*** DATA EXTRACT Section Begins ***

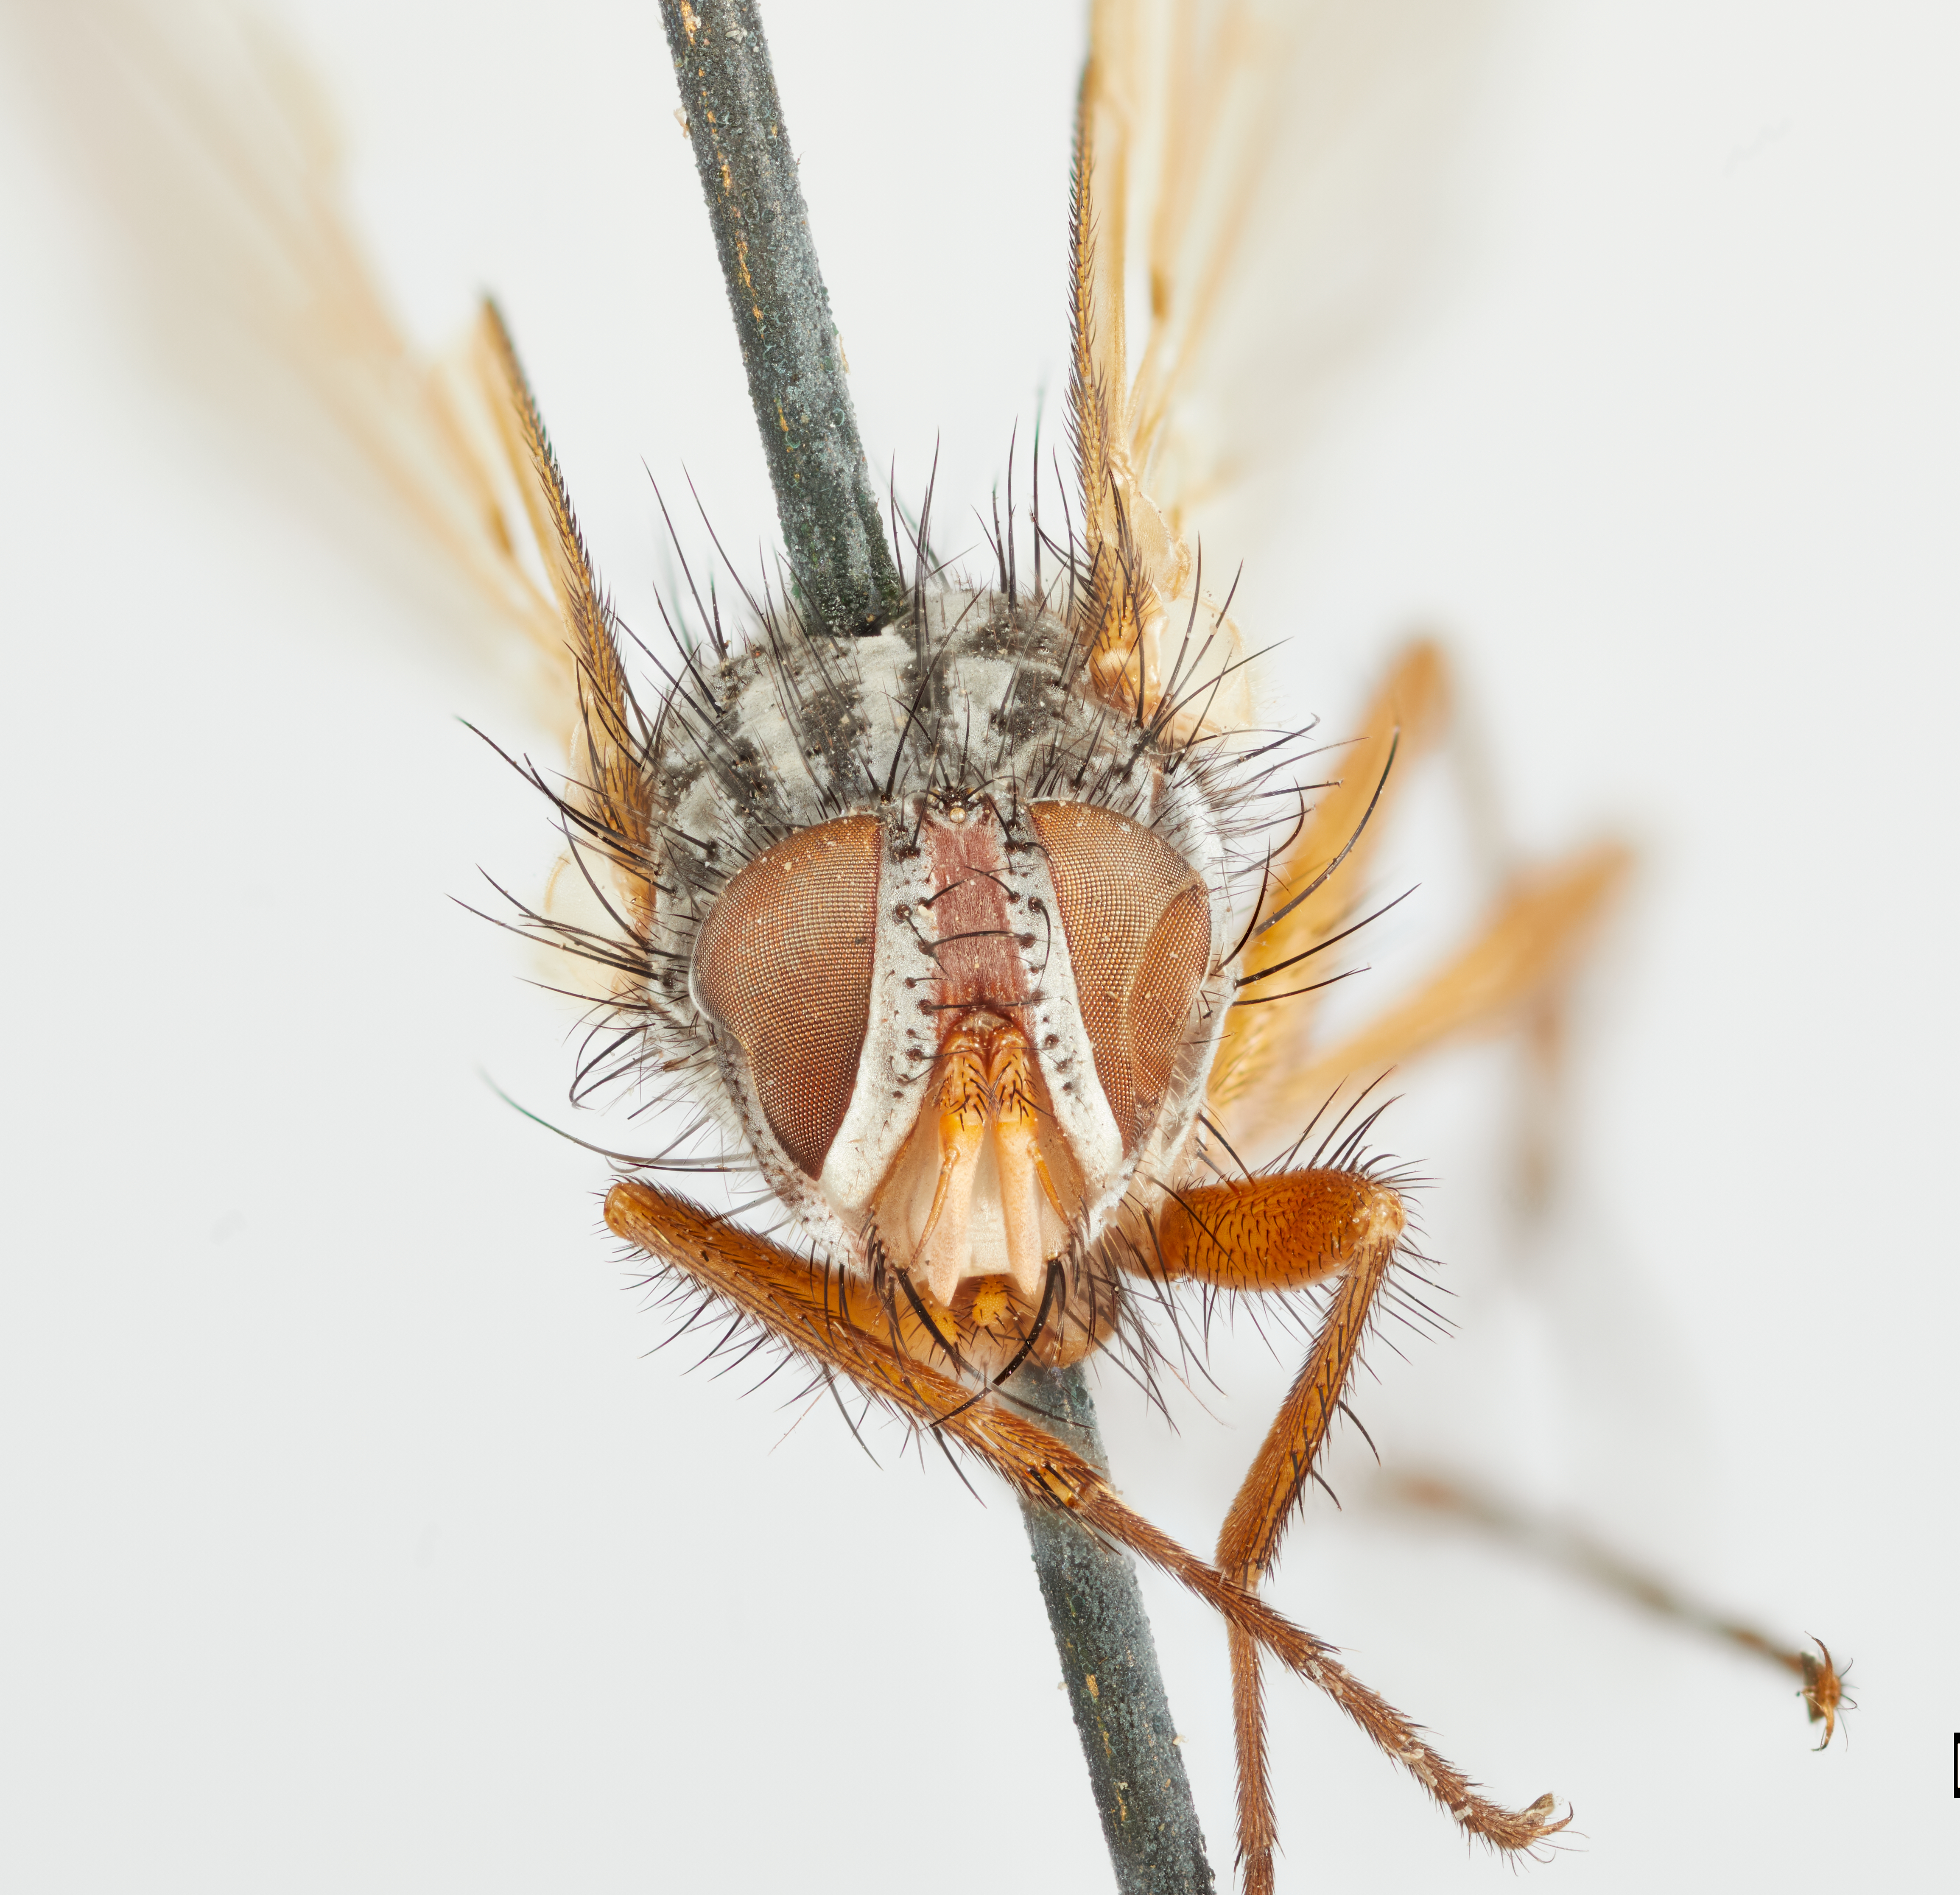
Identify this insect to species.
Meigeniella hinei
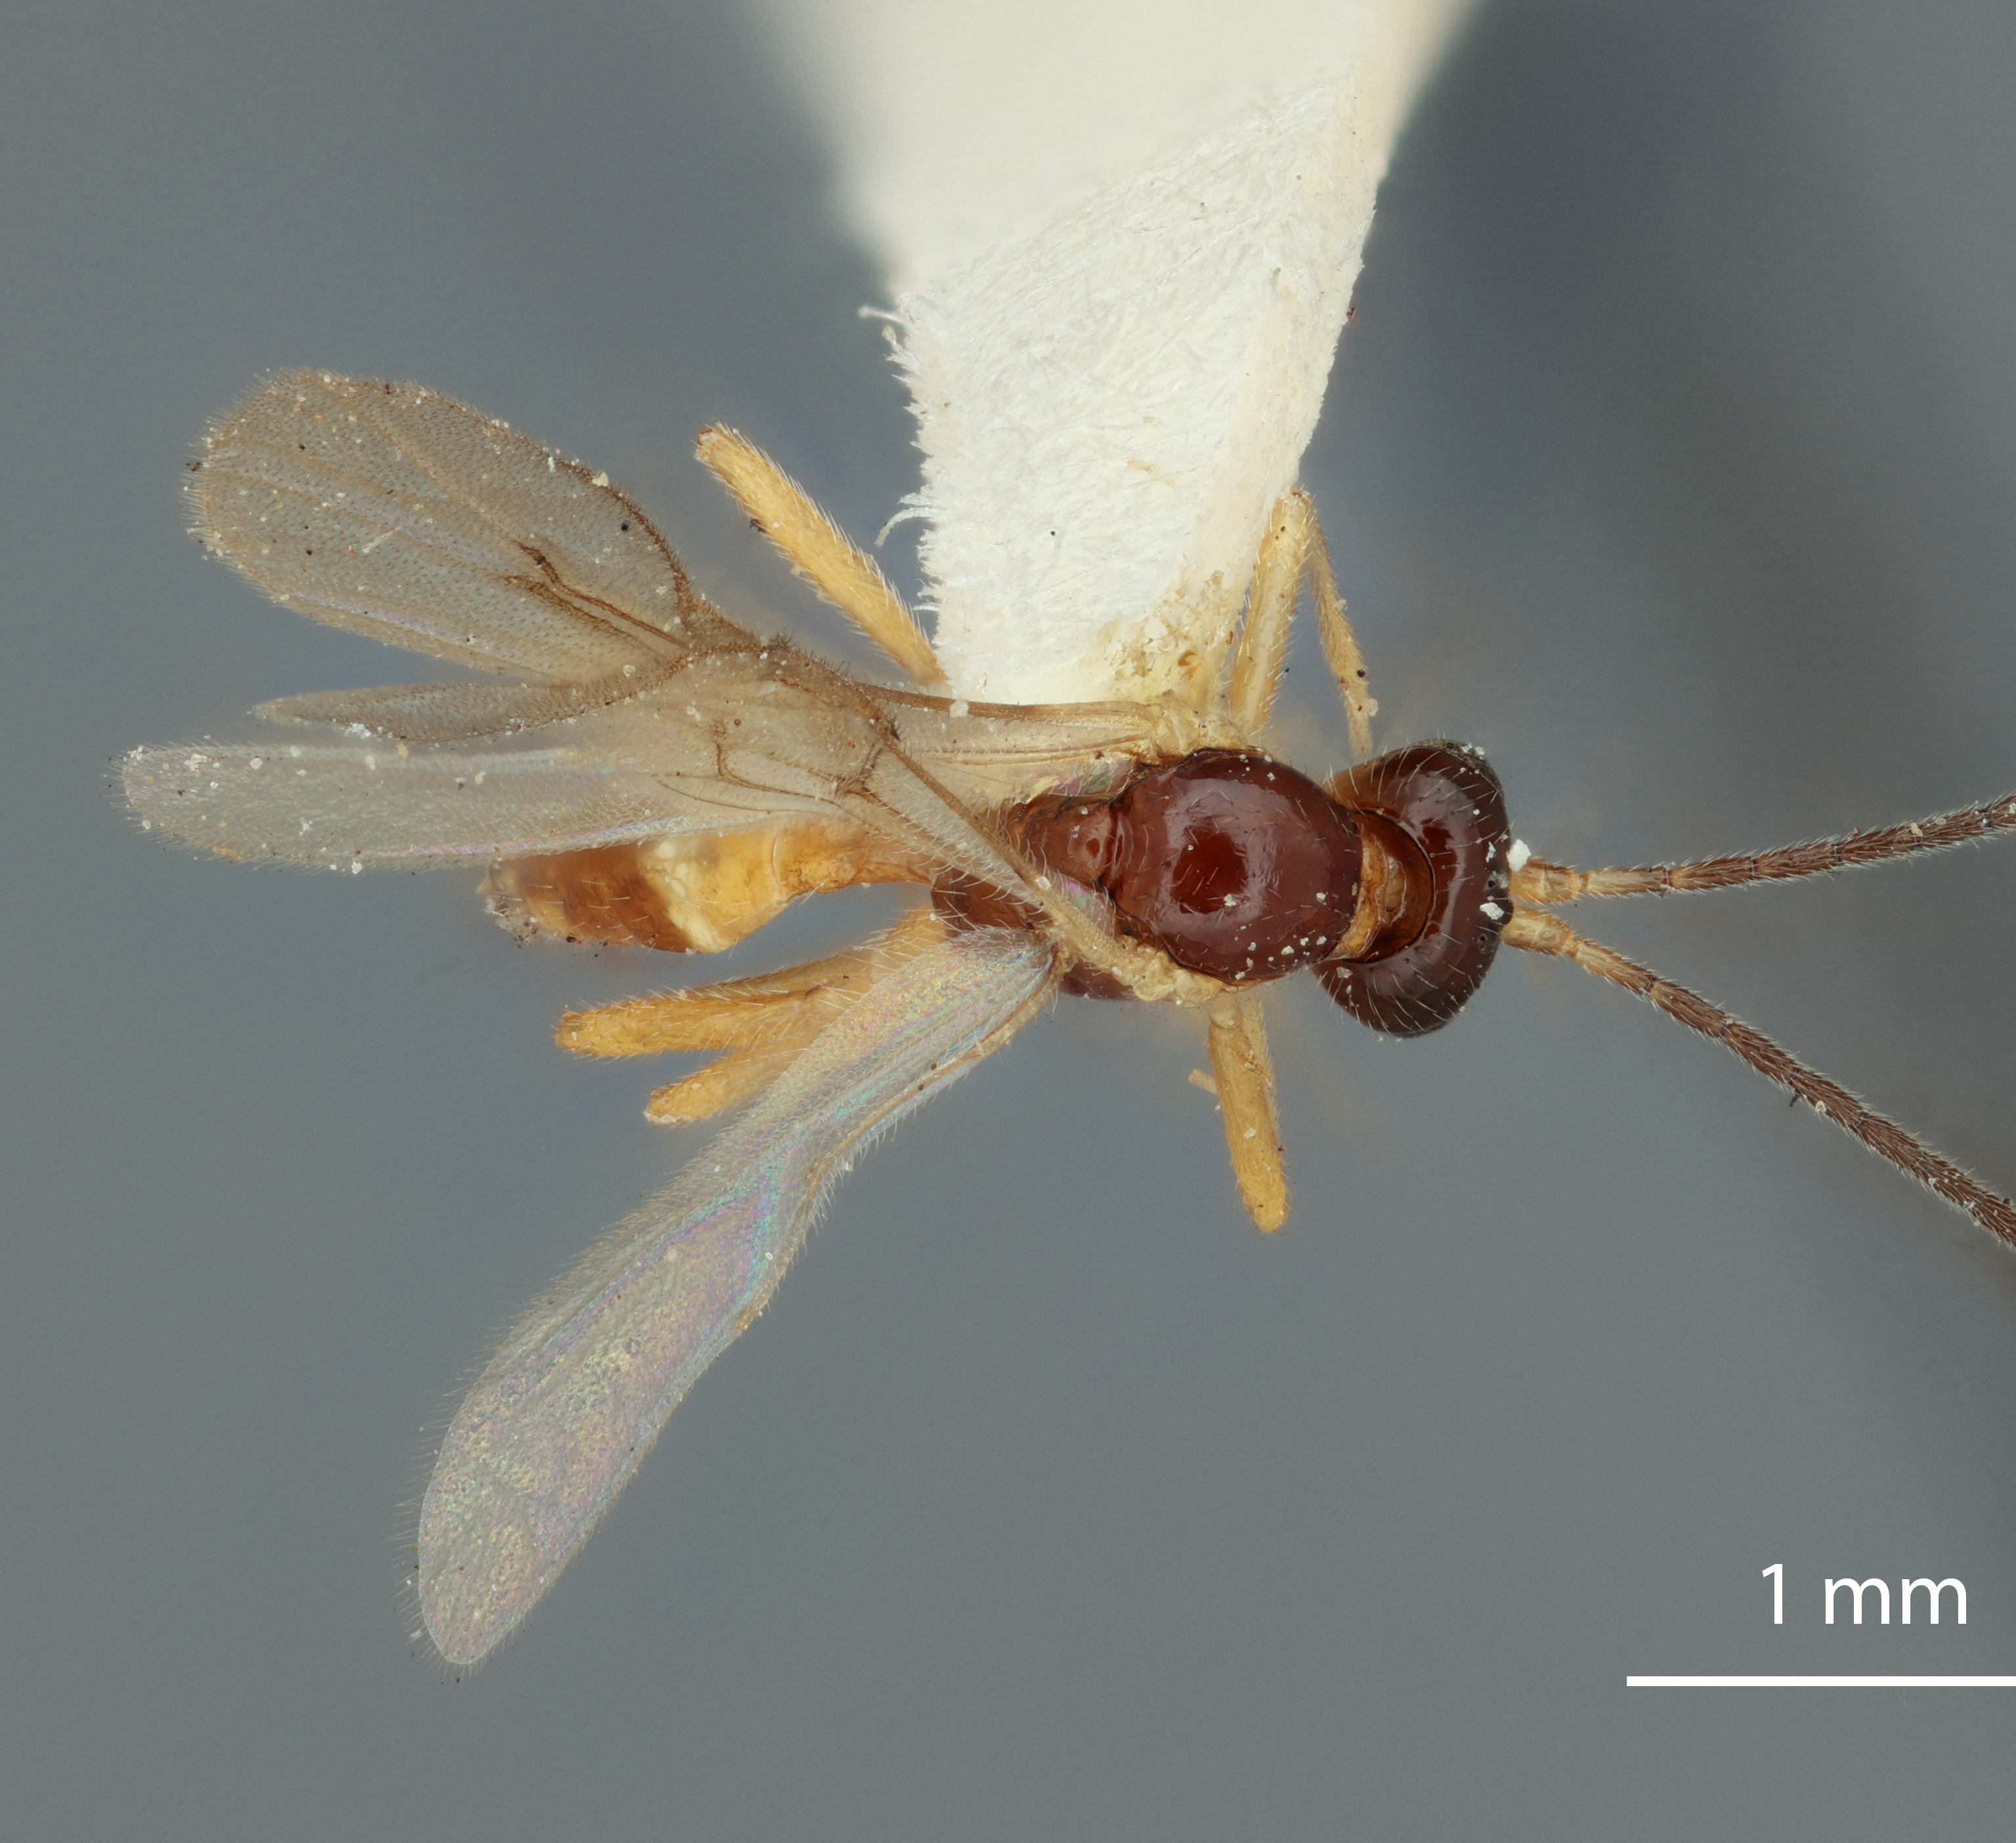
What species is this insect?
Aphidius pisivorus
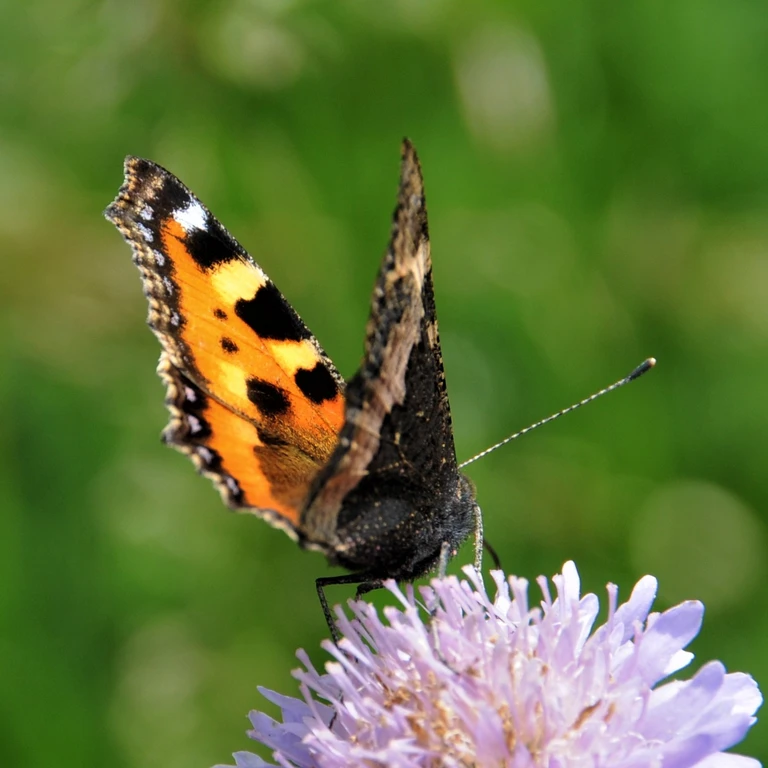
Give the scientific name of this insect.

*** DATA EXTRACT Section Ends ***

* **BRIEF**: Print the records exactly, every one. Leave out the pictures.

* **WRITTEN ANSWER**:
Identify this insect to species.
Meigeniella hinei
What species is this insect?
Aphidius pisivorus
Give the scientific name of this insect.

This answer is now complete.